20 June 2013
South Africa’s current account deficit narrowed from 6.5% in the fourth quarter of 2012 to 5.8% of gross domestic product (GDP) in the first quarter of 2013, the Reserve Bank said on Wednesday.
“With the value of merchandise exports advancing at a slightly firmer pace compared to merchandise imports, the trade deficit narrowed from R86.1-billion in the fourth quarter of 2012 to R78.2-billion in the first quarter of 2013,” the central bank said in its June quarterly bulletin.
Consistent with the pick-up in world economic activity, global trade volumes gained further momentum in the first quarter of 2013.

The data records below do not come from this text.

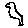
Label: bird
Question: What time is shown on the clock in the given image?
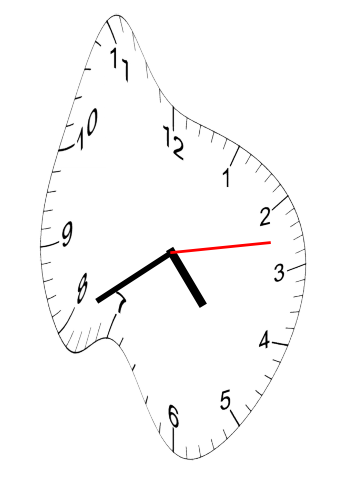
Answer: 04:40:13
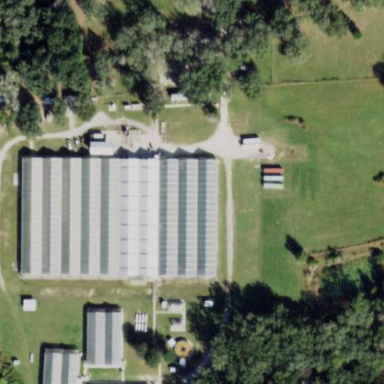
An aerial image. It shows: Plant nursery area.
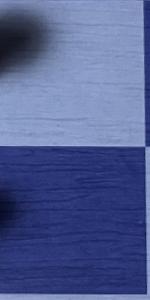
Label: Empty
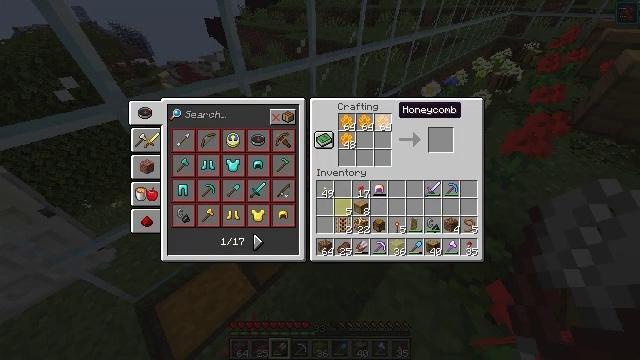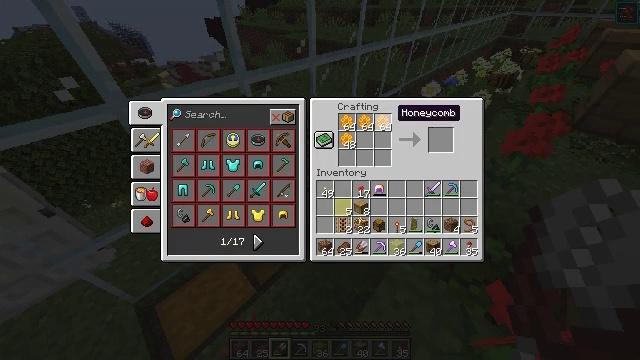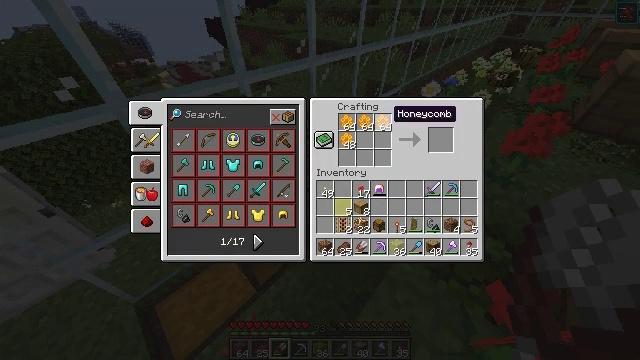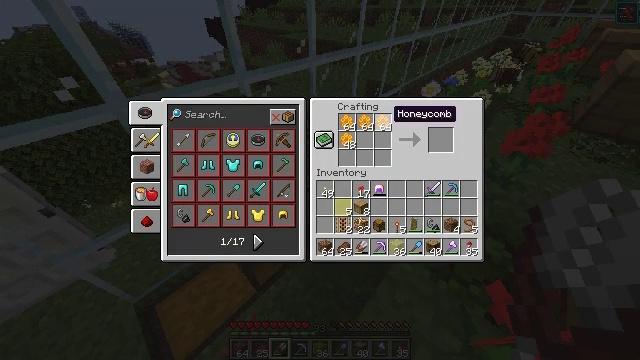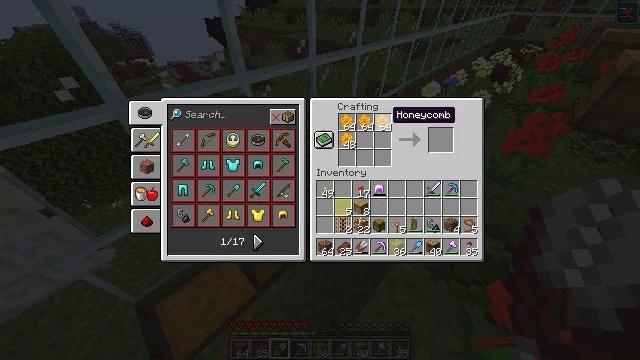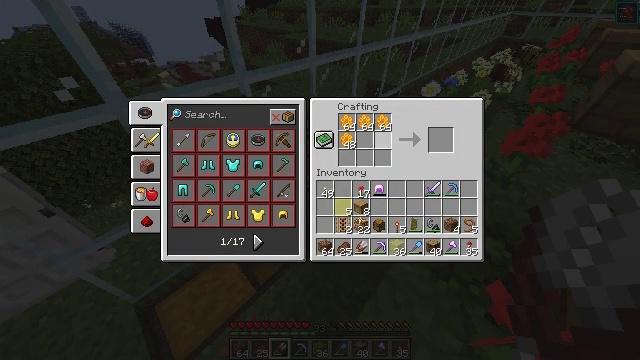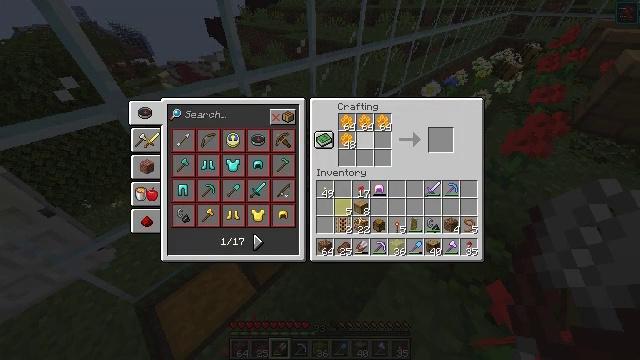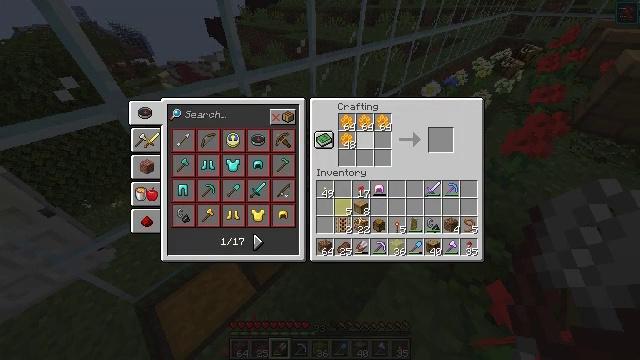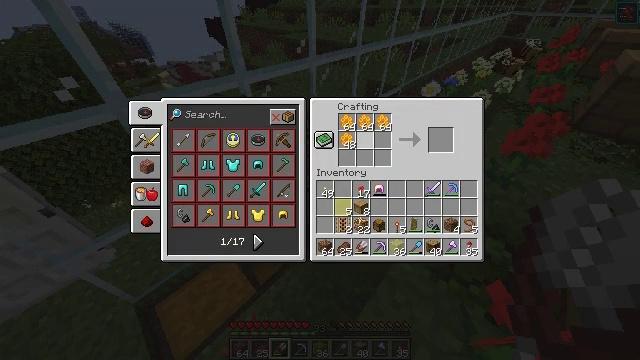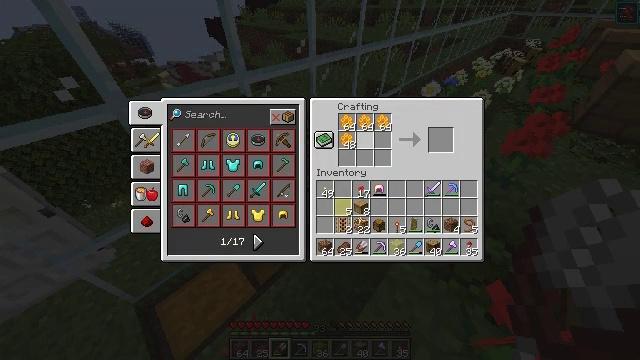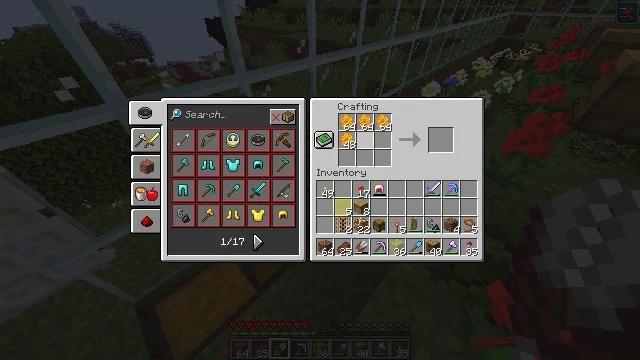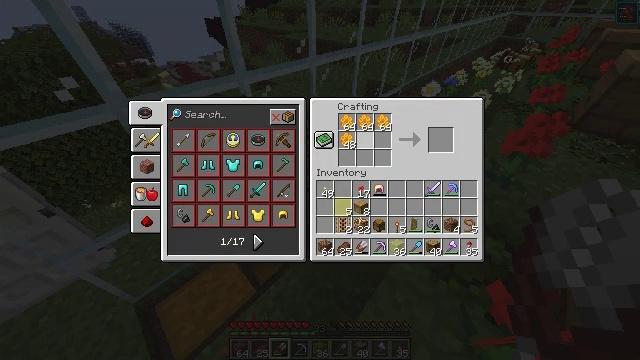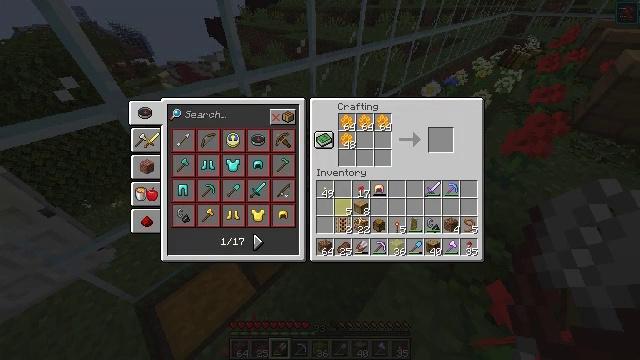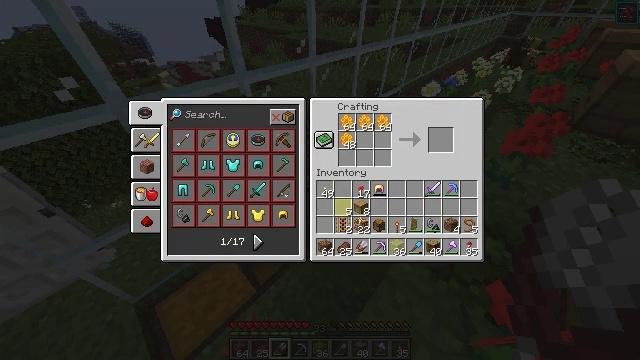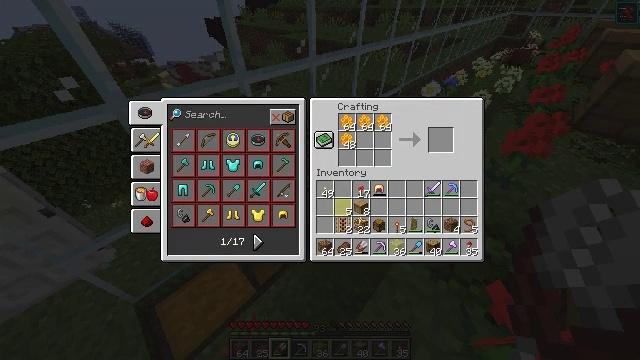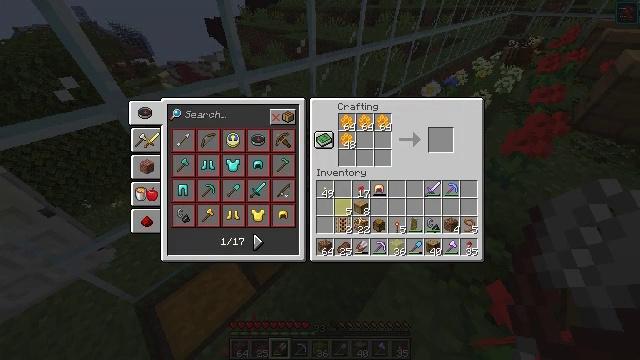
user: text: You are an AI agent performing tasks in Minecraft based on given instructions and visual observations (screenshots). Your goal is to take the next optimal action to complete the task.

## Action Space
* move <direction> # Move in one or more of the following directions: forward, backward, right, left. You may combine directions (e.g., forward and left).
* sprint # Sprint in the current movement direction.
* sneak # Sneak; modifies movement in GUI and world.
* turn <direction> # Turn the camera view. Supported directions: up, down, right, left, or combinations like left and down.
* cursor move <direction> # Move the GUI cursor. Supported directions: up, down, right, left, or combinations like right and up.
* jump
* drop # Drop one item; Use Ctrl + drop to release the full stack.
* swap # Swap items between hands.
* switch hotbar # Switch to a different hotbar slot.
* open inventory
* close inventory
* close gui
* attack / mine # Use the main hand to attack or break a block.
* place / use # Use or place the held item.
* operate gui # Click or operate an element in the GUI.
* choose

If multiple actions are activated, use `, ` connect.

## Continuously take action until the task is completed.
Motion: motion action
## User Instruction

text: Create a honeycomb block using the crafting table.
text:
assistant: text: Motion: operate gui
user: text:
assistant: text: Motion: operate gui
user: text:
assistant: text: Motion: operate gui
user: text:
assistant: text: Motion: operate gui
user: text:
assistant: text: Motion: cursor move left and down
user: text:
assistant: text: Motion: cursor move left and down
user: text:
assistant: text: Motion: no_op
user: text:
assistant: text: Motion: no_op
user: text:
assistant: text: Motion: no_op
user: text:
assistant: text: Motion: no_op
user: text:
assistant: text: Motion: no_op
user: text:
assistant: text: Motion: cursor move right and up
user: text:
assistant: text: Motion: cursor move right and up
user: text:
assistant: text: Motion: no_op
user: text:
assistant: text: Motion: cursor move left and down
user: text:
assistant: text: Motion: cursor move left
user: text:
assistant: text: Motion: no_op
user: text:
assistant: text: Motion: no_op
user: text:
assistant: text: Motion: no_op
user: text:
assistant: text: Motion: operate gui
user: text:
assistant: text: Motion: cursor move left and down
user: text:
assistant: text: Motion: cursor move down
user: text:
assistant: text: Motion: no_op
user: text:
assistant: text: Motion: no_op
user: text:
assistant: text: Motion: no_op
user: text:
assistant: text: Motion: operate gui
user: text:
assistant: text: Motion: operate gui
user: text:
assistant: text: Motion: no_op
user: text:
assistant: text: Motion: no_op
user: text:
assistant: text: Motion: no_op

The shortfall on South Africa’s services, income and current transfer account with the rest of the world, which had remained broadly unchanged since the second quarter of 2012, improved markedly in the first quarter of 2013, supporting the improvement in the country’s trade balance.

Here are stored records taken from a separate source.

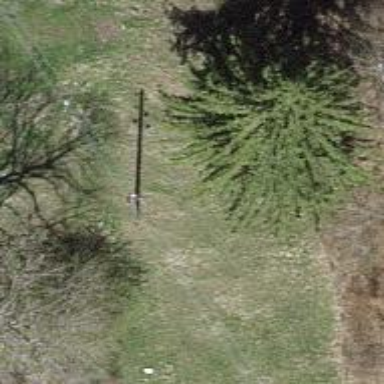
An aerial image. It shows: Power pole.
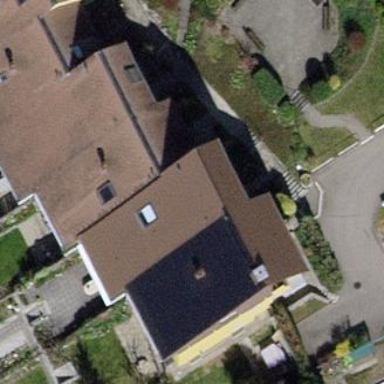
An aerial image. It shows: Terrace building.
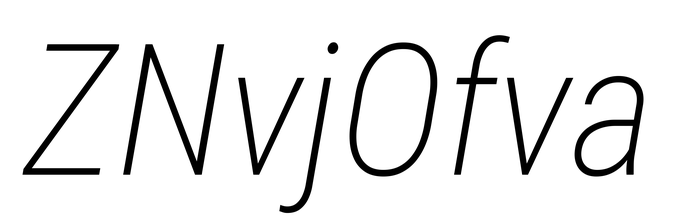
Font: Roboto-Italic_Condensed_ExtraLight_Italic
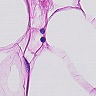
Metastatic tissue present: no
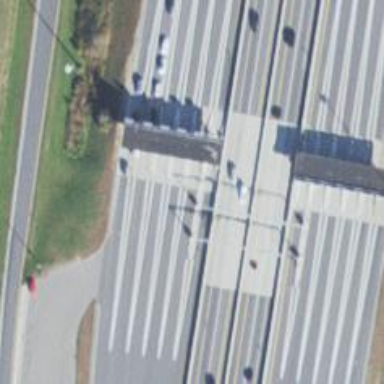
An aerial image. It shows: Toll gantry on the road.
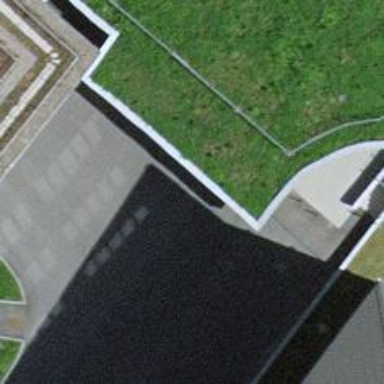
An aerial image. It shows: Parking entrance.
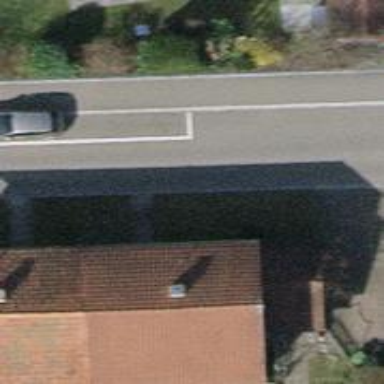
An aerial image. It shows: Residential road with asphalt surface and parallel on-street parking on the left lane.

“Consequently, the deficit on the current account of the balance of payments narrowed from R212.6-billion in the fourth quarter of 2012 to R190.9-billion in the first quarter of 2013,” the Bank said. “As a ratio of the country’s gross domestic product, the deficit came to 5.8 percent in the first quarter of 2013, noticeably lower than the 6.5 percent registered in the preceding quarter.”

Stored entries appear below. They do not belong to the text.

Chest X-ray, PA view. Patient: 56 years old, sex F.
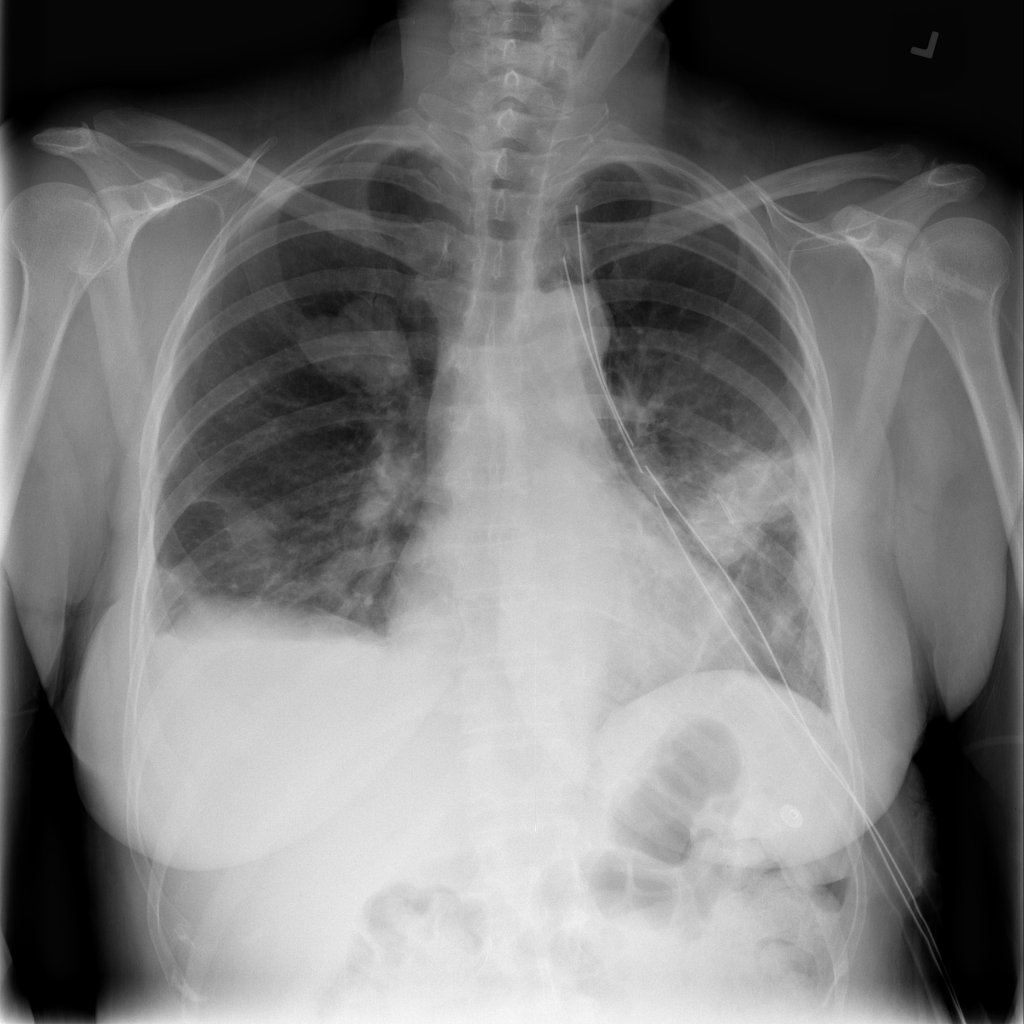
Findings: Effusion
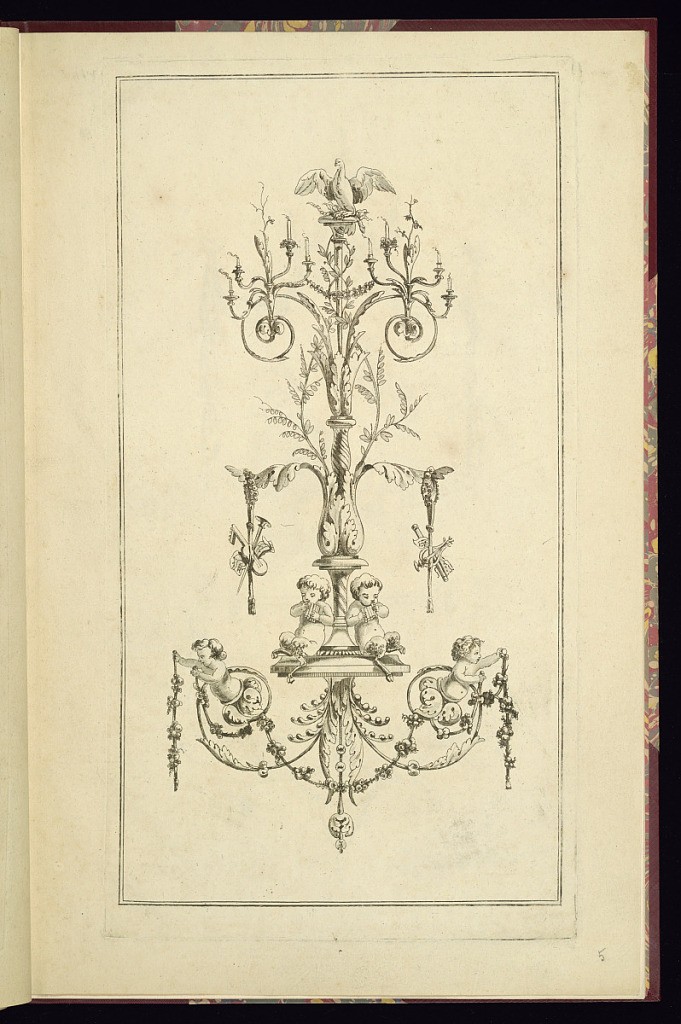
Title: Arabesque Design
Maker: Michel, French, active 18th century
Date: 1780-1784
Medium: Etching on laid paper
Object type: Print
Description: Arabesque design with two satyr children playing pan pipes. At the top of the arabesque is a bird with wings outstretched, standing on a snake. Below the bird are vines, garlands, and reeds forming into candelabra. Hanging down the side next to the satyr children are trophies with musical instruments: on the left, a horn, a violin, and a musical score; on the right, a lyre. Below the satyr children are twisting reeds that terminate in putti forms who hold garlands of flowers. The plate is not signed or numbered.

According to the bulletin, the volume of mining and manufactured goods exported from South Africa increased in the first quarter of 2013.
“At the same time, the export earnings of South African producers continued to benefit from the lower exchange value of the rand which extended into the first quarter of 2013. As a result, the value of merchandise exports advanced by 11.9% to R800.1-billion in the first quarter of 2013, up from R715-billion in the fourth quarter of 2012,” the Bank said.
Some analysts had expected the deficit to have risen sharply.
Nedbank said the narrower deficit was encouraging, but said the shortfall still remained large and that the rand was still vulnerable.
“The balance of payments will remain under pressure in 2013,” the Bank said. “Trade performance will remain lacklustre as long as the global environment remains unfavourable. More domestic production disruptions, mainly labour strikes, would add to the weak external trade account.”
Nedbank added that general economic conditions remained weak.
“Today’s numbers confirm that general economic conditions remain weak, with significant downside risks. Risks to the inflation outlook remain high due to further weakness of the rand.
“We expect the Reserve Bank to continue striking a balance between weak growth and rising inflation by maintain its accommodative monetary policy stance well into 2014.”